I can’t say whether such concerns have had any measureable impact on the presence or absence of privative clauses, but I don’t know that I have to. Democratic accountability is probably rarely – if ever – a perfect mechanism; there are often numerous competing issues that affect voter behavior. Assuming – without deciding – that the foregoing reports at least render plausible the potential for democratic accountability, there are two further issues in my proposal that require sorting out.
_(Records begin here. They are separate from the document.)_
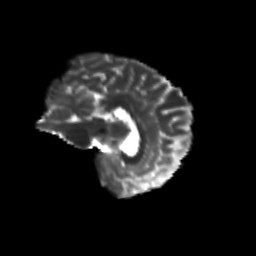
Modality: T2w
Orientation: sagittal
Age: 22
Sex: female
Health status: healthy
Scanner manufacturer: siemens
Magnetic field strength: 3 T
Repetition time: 8.6 s
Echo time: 0.095 s
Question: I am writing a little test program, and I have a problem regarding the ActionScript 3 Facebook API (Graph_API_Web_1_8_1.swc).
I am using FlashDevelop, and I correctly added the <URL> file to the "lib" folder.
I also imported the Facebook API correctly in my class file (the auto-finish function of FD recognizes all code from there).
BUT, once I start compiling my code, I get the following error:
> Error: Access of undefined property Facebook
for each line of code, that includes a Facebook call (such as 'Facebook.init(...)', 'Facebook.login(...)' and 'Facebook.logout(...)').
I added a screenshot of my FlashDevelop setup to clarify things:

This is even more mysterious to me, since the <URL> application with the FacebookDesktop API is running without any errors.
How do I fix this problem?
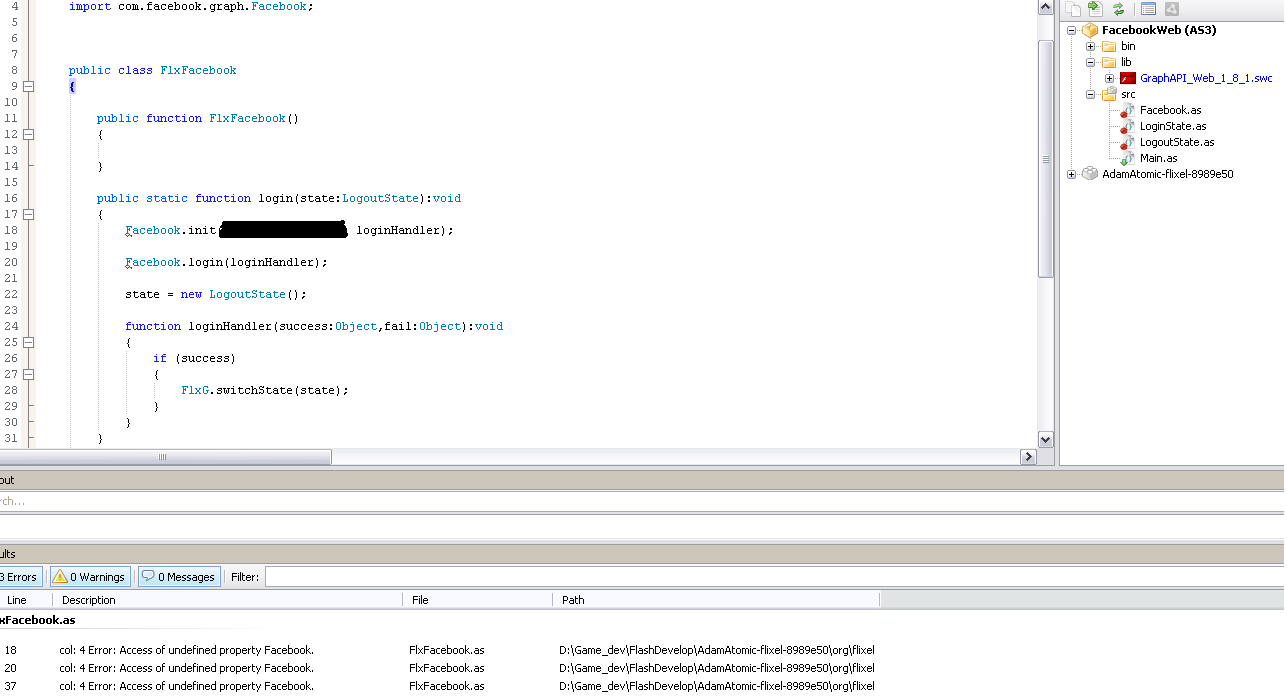
Answer: This has happened to me several times. Don't waste your time looking into which ActionScript 3 SDK SWC version or Flex SDK you are using. It's just a weird bug. Instead, do the following.
1. Close FlashDevelop
2. Create a completely new project
3. Add the Facebook SWC to library
Then it should work. If not, reboot. It happened to me several times. I hope this helps.
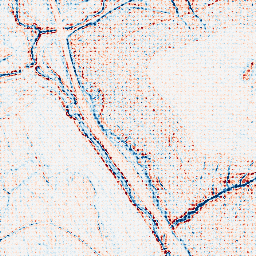
Category: edge_preserving
Decomposition family: bilateral
Decomposition parameters: d: 5
sigma_color: 150
sigma_space: 150
Upsampling method: sinc_blackman
Upsampling parameters: scale: 8
kernel_size: 8
Upsampling scale: 8
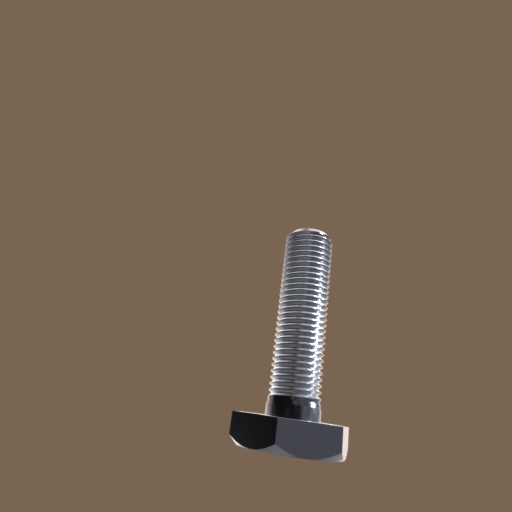
Label: bolt
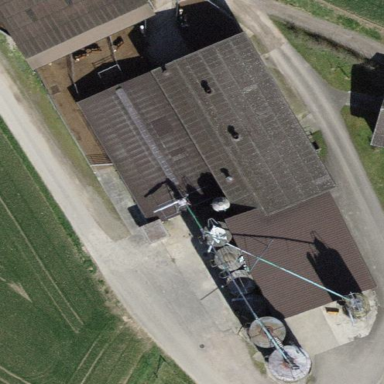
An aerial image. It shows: Farmyard area.
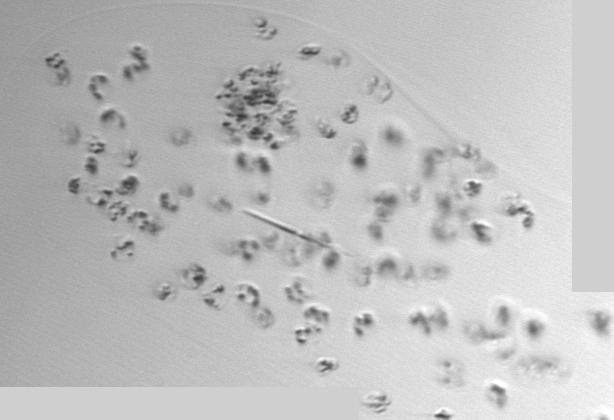
Label: Phaeocystis
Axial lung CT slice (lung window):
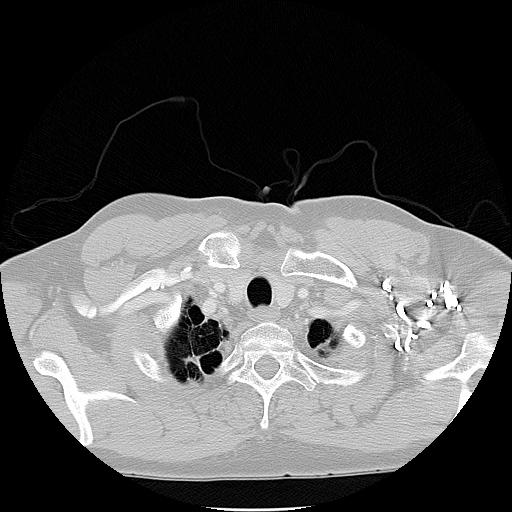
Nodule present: no
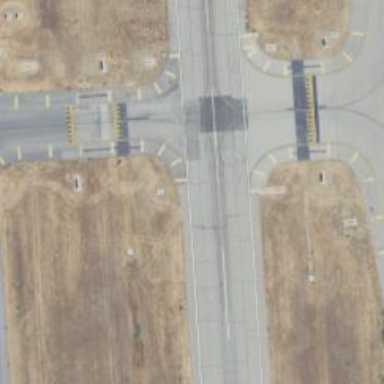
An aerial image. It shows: Image of taxiway at airport.
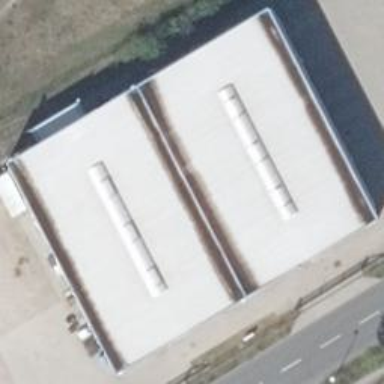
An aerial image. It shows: Industrial building with works on site.
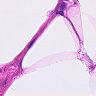
Metastatic tissue present: no

In my original post, I suggested that the presence of a privative clause should trigger deference for certain questions of law (excluding Dunsmuir’s four correctness categories). This, however, assumes that all such clauses are the same, which of course is not the case: there are “weak” and “strong” privative clauses; there are clauses that require leave from a court subject to its discretion, and there are those that impose a test such as requiring the identification of a question of law of some importance (as was the case in Garneau, supra). I am inclined to think that such clauses should be interpreted in the normal way, with a view towards legislative intent (essentially Rothstein J.’s approach in Canada (Citizenship and Immigration) v. Khosa, 2009 SCC 12 (CanLII) beginning at para 69). Thus, clauses that impose an “important question of law” test would most likely trigger correctness (as suggested by the concurring judgments in Garneau). Bearing in mind Dunsmuir’s concern with both the legality and rationality of decision-making, I am also inclined to suggest that there should be a limit with respect to the extent to which privative clauses can preclude any review of administrative fact-finding whatsoever, but this proposal requires further thought.
The second issue, or challenge, would be to develop a normative framework to guide discussions, whether in the House of Commons or before a Parliamentary committee, about whether and in what form a privative clause may be appropriate in a given context. The structure of the administrative decision-maker, the nature of its workload, and the presence or absence of procedural safeguards in its decision-making are some of the factors that are likely to be useful here.
In the meantime and in conclusion, I am pleased to report that the federal government did recently introduce new environmental assessment legislation and it does not contain any privative clauses.